Il en est des animaux domestiques comme des fleurs : il n’y a pas de caractère plus variable que celui de la couleur, surtout chez le cheval. Mais avec de l’attention dans l’élevage on arriverait très-promptement à former des races d’une couleur déterminée. Hofacker rapporte le résultat obtenu en appariant deux cent seize juments de quatre couleurs différentes avec des étalons de mêmes manteaux, sans égard à ceux de leurs ancêtres ; sur les deux cent seize poulains nés, onze seulement n’héritèrent pas du manteau de leurs parents. Autenrieth et Ammon assurent qu’après deux générations, on obtient avec certitude des poulains d’une couleur uniforme[56].

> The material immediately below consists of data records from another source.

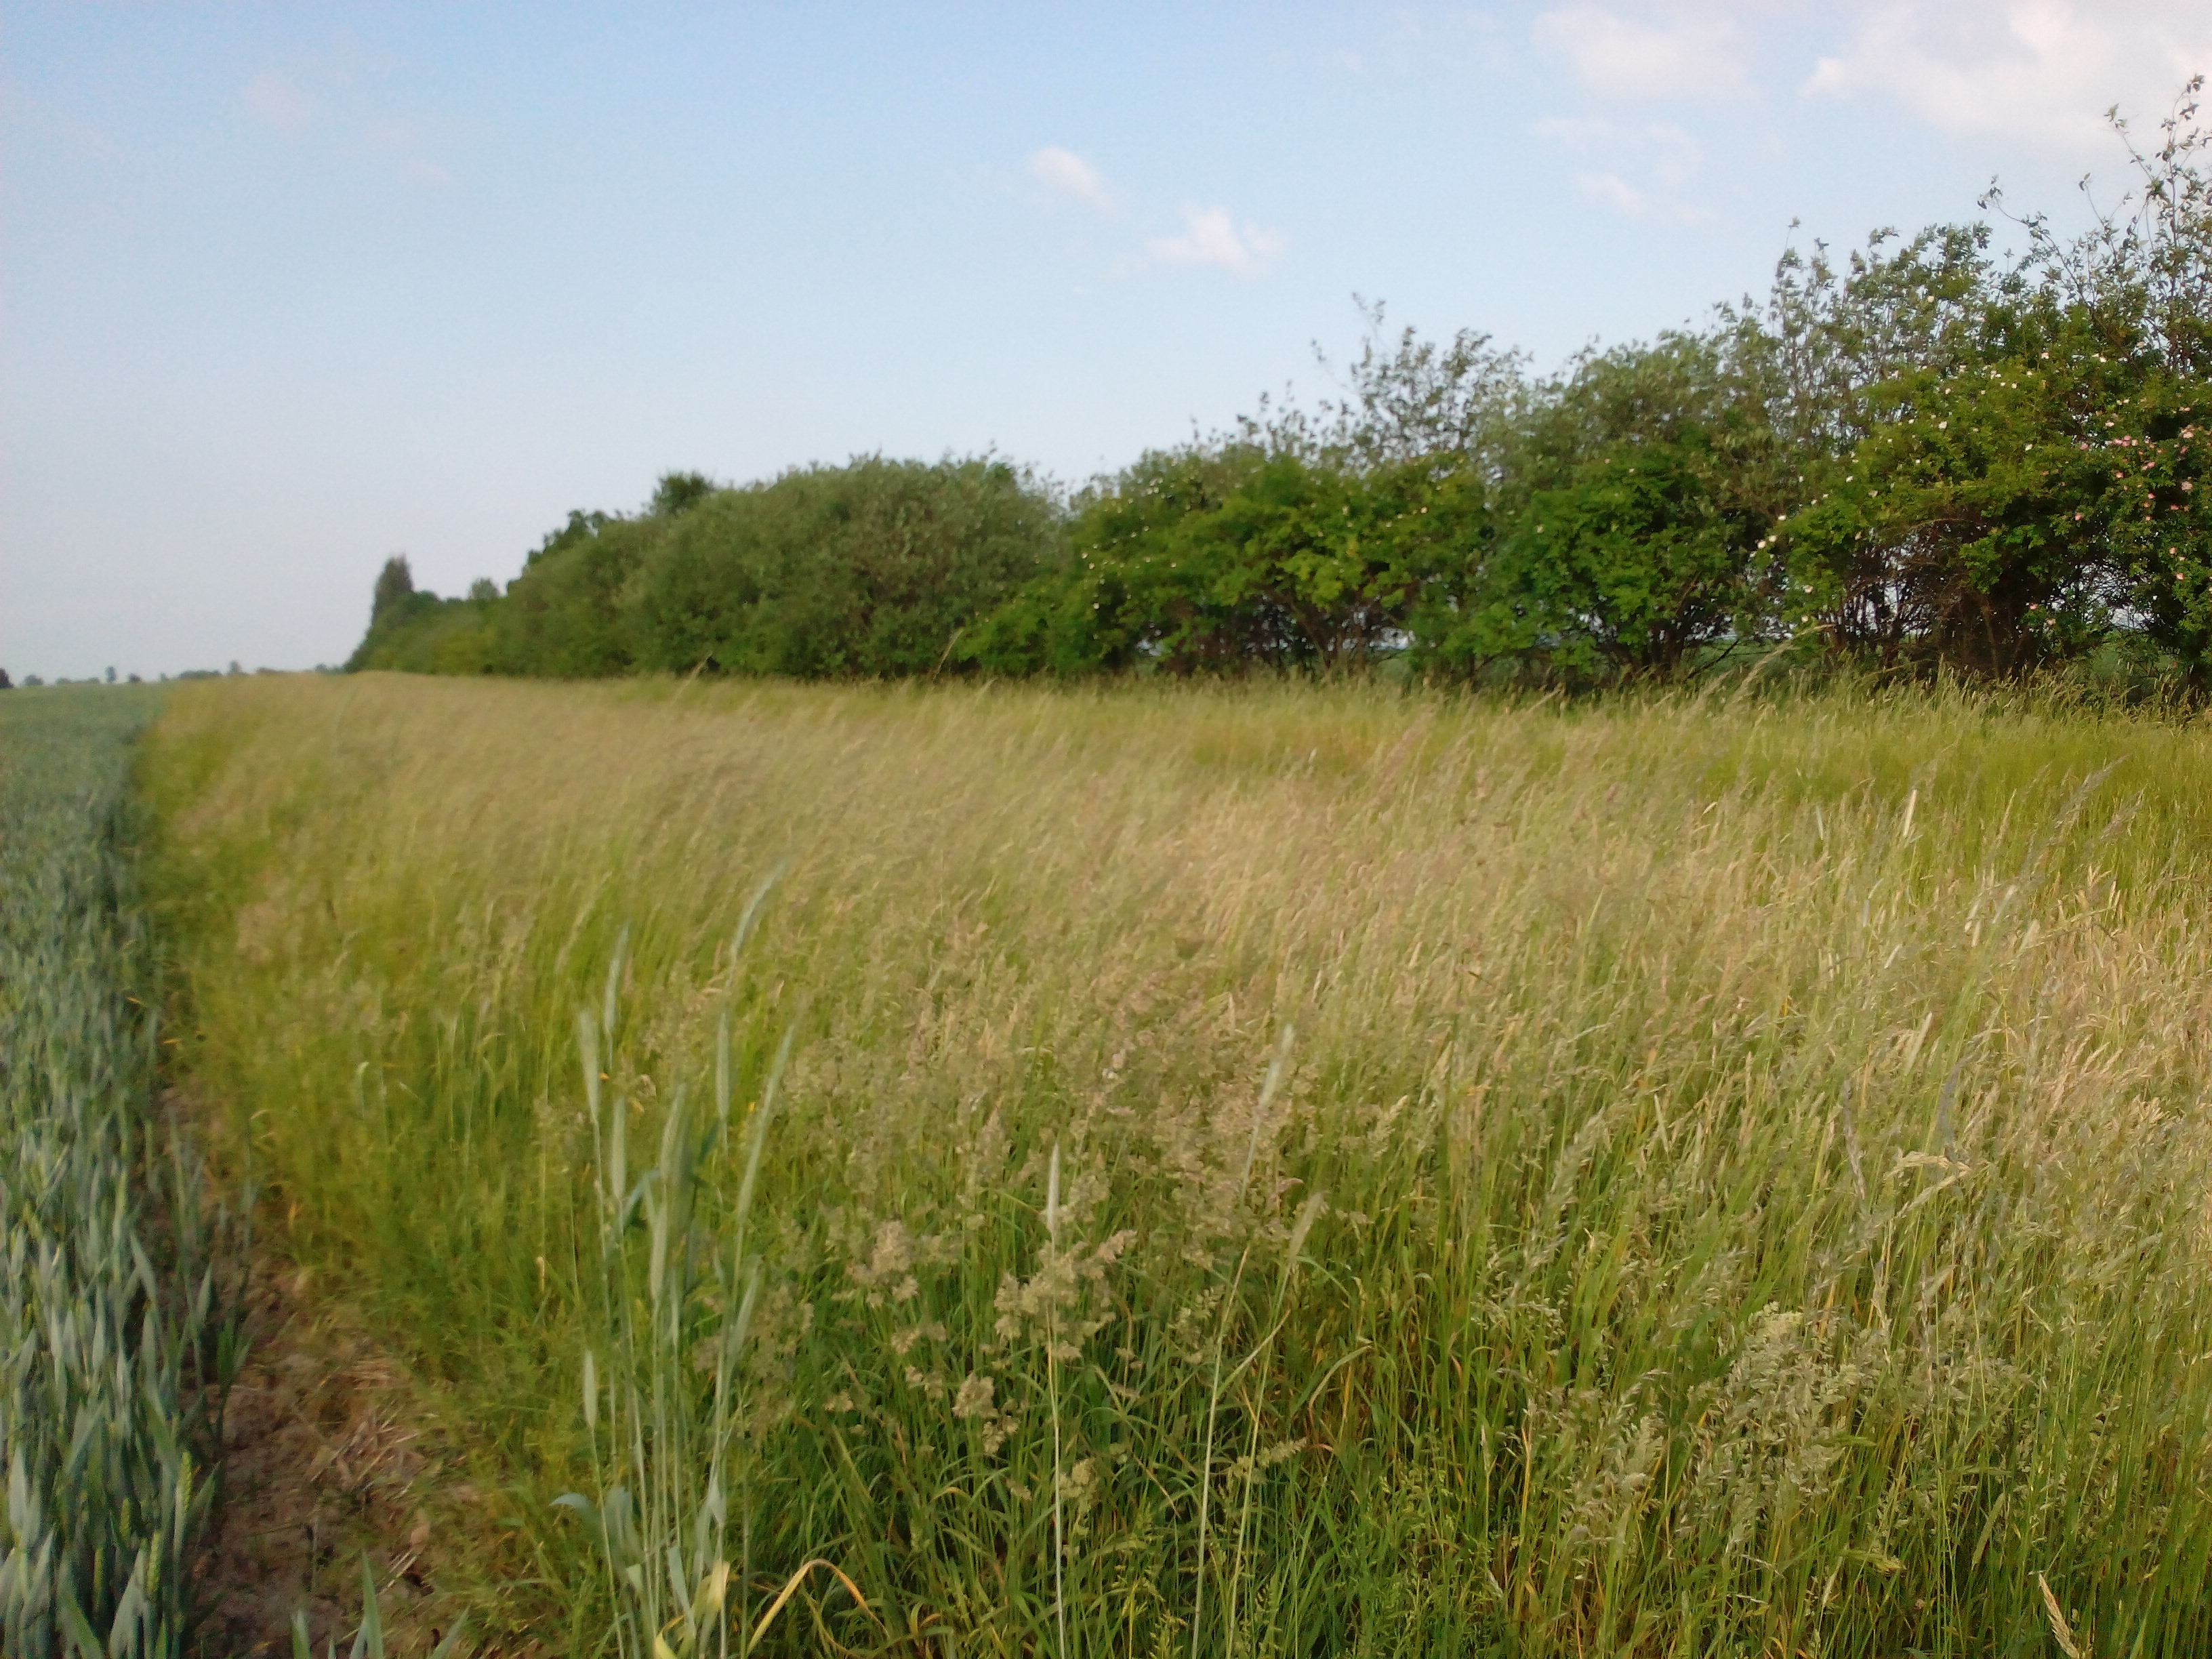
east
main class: Cropland
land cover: Common wheat
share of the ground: > 75 %
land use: Agriculture (excluding fallow land and kitchen gardens)
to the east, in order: Common wheat
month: June
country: DE
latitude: 50.9376
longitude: 10.6402
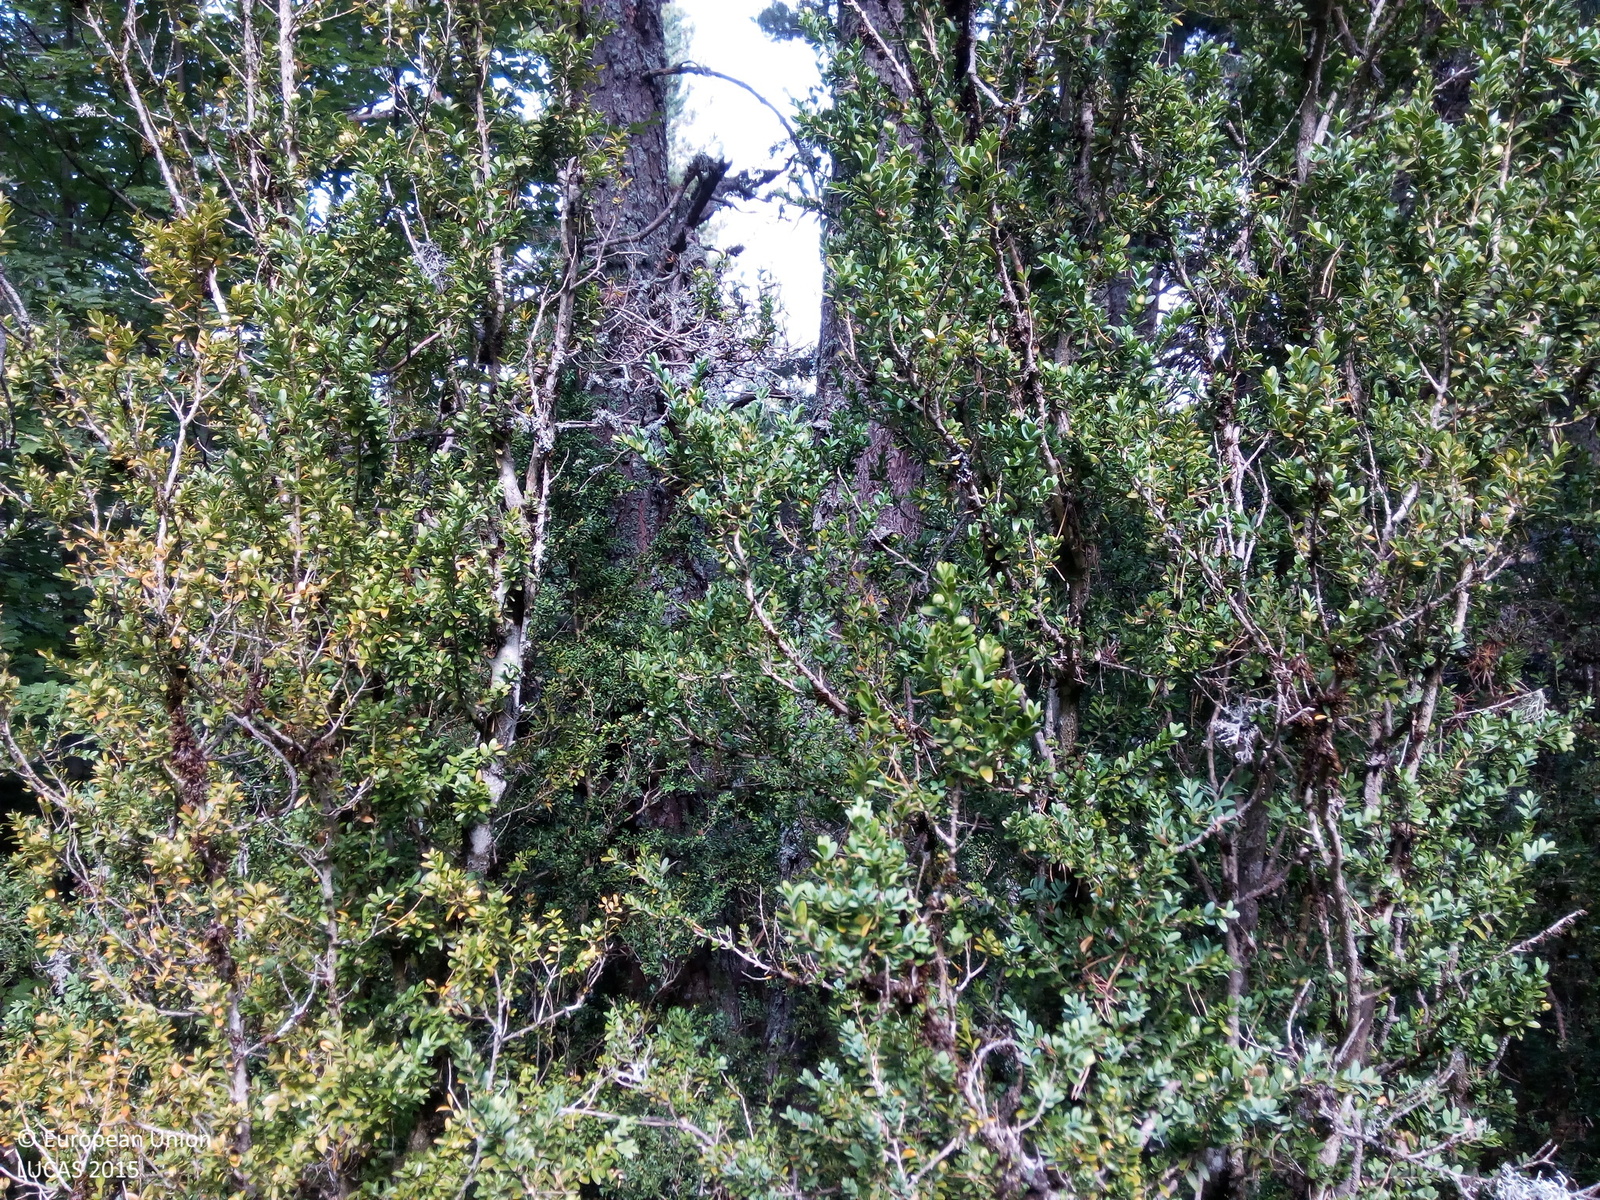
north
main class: Woodland
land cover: Pine dominated mixed woodland
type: alpine coniferous forest
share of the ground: > 75 %
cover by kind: coniferous forest trees 60 %, broadleaved forest trees 40 %
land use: Semi-natural and natural areas not in use
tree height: > 5 m
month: September
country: ES
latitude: 42.4460
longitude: 0.5341

Dans quelques cas rares, certaines particularités paraissent n’être pas transmises, par le fait même d’une trop grande énergie de la force d’hérédité. Ainsi, des éleveurs de canaris m’ont assuré que, pour obtenir un bel oiseau jonquille, il ne fallait pas apparier deux canaris de cette nuance, car alors elle ressortait trop intense chez le produit, et tournait souvent au brun. De même, si on apparie deux canaris à huppe, les jeunes héritent rarement de ce caractère[57], car dans les oiseaux huppés il reste sur le derrière de la tête, au point où les plumes se retroussent pour former la huppe, un petit espace de peau nue qui, lorsque les deux parents sont ainsi caractérisés, s’étend considérablement, et la huppe elle-même ne se développe pas. M. Hewitt dit ce qui suit des Sebright Bantams galonnés[58] : « Je ne saurais dire pourquoi, mais il est certain que les oiseaux les mieux galonnés donnent souvent des produits très-imparfaitement marqués ; tandis que beaucoup de ceux que j’ai exposés et qui ont eu du succès, provenaient de l’union d’oiseaux très-fortement galonnés, avec d’autres qui ne l’étaient que d’une manière très-insuffisante. »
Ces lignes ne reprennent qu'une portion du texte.